(Stored data entries)

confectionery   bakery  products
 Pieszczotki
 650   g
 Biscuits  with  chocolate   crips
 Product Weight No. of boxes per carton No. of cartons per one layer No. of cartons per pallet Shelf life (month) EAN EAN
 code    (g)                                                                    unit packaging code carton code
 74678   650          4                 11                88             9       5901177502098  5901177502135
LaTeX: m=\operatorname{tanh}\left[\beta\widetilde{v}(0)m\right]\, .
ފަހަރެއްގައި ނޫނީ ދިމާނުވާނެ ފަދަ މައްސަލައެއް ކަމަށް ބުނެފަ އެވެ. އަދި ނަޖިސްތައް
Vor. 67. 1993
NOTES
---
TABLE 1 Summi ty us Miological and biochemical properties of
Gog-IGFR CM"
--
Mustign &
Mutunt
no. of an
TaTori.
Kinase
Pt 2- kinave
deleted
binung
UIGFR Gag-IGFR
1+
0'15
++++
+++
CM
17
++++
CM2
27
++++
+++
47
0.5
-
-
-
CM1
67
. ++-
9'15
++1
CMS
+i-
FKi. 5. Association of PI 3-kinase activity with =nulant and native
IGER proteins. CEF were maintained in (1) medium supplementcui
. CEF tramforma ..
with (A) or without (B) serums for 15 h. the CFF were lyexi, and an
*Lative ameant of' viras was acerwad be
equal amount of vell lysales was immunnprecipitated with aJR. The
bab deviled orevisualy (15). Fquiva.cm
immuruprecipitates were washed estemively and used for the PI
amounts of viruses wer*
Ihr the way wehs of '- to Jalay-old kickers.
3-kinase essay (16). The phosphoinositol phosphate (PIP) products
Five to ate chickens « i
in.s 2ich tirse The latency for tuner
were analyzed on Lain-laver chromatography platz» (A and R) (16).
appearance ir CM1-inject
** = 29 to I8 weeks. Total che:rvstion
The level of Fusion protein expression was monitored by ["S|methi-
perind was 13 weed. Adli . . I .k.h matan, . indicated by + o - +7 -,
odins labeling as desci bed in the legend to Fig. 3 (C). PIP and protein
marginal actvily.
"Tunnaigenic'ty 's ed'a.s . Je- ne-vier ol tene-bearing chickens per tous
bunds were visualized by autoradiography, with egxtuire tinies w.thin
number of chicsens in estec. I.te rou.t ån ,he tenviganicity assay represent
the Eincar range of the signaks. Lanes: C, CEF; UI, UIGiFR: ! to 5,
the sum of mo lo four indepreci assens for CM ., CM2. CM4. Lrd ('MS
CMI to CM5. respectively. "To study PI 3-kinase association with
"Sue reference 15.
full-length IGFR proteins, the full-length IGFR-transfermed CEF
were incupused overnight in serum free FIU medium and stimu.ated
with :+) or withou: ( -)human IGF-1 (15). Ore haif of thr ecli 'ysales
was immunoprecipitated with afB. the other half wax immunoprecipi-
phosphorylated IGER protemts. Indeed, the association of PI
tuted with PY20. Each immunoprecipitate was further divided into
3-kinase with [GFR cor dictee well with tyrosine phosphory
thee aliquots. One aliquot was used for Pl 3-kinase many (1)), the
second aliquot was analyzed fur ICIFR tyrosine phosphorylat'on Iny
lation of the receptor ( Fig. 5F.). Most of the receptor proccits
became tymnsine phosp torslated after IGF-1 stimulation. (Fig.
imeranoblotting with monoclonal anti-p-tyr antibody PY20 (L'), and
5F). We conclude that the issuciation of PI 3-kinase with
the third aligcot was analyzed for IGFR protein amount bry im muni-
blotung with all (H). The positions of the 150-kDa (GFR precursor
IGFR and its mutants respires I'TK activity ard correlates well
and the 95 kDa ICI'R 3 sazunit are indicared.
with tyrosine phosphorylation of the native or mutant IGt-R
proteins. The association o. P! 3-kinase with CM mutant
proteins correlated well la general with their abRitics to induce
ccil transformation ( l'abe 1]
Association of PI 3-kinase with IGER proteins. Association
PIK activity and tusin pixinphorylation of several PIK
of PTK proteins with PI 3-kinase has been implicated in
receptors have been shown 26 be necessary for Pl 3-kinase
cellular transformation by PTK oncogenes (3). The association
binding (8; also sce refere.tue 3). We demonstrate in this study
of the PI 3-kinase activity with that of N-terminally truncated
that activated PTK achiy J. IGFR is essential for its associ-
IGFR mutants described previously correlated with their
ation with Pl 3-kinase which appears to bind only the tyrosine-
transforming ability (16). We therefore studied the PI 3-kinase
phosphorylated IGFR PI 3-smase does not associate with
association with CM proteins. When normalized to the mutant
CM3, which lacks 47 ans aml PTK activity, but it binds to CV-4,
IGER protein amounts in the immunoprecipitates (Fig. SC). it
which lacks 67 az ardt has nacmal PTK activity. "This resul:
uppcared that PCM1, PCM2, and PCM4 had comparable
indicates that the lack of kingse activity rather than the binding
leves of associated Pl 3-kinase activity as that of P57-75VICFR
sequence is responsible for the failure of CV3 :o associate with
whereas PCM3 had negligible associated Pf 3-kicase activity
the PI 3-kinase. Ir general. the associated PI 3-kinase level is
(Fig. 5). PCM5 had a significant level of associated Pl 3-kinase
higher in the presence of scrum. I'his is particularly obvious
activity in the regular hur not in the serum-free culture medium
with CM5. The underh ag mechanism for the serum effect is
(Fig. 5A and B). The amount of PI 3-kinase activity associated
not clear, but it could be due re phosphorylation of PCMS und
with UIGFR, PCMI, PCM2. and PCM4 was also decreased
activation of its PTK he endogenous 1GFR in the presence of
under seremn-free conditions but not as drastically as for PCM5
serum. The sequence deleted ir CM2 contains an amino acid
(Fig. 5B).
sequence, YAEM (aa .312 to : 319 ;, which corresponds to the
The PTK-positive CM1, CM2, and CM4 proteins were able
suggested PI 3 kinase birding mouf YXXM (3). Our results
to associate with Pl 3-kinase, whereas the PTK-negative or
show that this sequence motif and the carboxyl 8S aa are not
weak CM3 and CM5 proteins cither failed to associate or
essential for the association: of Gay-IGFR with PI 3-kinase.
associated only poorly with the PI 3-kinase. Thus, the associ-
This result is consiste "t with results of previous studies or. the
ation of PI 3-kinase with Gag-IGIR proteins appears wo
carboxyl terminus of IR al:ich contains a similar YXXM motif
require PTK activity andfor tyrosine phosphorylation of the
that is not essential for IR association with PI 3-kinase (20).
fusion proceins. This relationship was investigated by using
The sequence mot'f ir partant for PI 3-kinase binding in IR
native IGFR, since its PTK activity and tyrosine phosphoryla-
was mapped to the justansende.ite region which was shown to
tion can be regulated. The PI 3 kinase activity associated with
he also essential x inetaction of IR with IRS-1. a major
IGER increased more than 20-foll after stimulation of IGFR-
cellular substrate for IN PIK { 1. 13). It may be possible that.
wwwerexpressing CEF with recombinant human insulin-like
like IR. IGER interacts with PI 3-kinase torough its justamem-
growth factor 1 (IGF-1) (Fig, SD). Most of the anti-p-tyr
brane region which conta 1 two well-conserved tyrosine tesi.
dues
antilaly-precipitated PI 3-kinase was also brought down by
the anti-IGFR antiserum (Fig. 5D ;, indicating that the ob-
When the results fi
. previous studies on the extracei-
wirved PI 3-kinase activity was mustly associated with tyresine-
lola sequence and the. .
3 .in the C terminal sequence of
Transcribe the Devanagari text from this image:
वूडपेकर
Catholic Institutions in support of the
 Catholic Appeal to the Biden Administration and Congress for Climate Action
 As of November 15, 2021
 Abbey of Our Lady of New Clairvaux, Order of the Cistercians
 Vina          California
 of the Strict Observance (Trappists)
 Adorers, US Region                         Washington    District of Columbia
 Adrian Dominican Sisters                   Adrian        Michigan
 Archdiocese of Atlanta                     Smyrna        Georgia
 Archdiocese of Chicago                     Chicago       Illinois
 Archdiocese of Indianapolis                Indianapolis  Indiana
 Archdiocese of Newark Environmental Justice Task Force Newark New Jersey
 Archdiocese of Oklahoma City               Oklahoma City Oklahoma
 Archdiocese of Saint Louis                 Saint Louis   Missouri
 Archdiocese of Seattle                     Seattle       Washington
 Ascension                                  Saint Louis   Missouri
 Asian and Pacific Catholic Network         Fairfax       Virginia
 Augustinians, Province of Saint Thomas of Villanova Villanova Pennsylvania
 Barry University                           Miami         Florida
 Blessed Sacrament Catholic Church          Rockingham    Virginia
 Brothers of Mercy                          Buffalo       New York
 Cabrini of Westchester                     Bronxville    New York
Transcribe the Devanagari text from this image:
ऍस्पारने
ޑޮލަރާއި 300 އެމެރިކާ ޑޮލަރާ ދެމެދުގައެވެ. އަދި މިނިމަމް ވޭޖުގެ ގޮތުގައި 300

Required work: From the records above, give again exactly the lines running from the line with "ccil transformation ( l'abe 1]" to the line with "of PTK proteins", inclusive.

Result of the task:
ccil transformation ( l'abe 1]
Association of PI 3-kinase with IGER proteins. Association
PIK activity and tusin pixinphorylation of several PIK
of PTK proteins with PI 3-kinase has been implicated in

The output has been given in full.